◆ REQUIRED WORK
Return the lines below that contain "contrast".

◆ RECORD EXTRACTS
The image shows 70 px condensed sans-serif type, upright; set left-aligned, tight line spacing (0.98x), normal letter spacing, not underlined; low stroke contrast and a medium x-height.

---

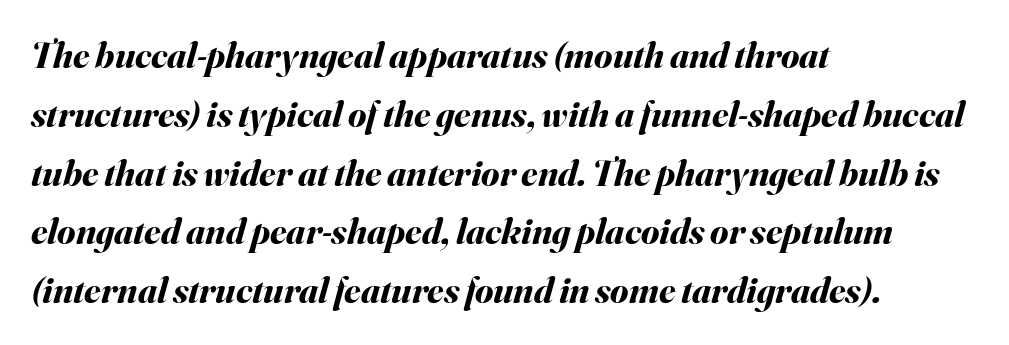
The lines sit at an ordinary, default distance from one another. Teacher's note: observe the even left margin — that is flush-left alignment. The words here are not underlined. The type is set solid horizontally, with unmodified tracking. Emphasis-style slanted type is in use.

--

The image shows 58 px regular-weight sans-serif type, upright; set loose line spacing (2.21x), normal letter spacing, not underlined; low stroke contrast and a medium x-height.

◆ EXERCISE RESPONSE
The image shows 70 px condensed sans-serif type, upright; set left-aligned, tight line spacing (0.98x), normal letter spacing, not underlined; low stroke contrast and a medium x-height.
The image shows 58 px regular-weight sans-serif type, upright; set loose line spacing (2.21x), normal letter spacing, not underlined; low stroke contrast and a medium x-height.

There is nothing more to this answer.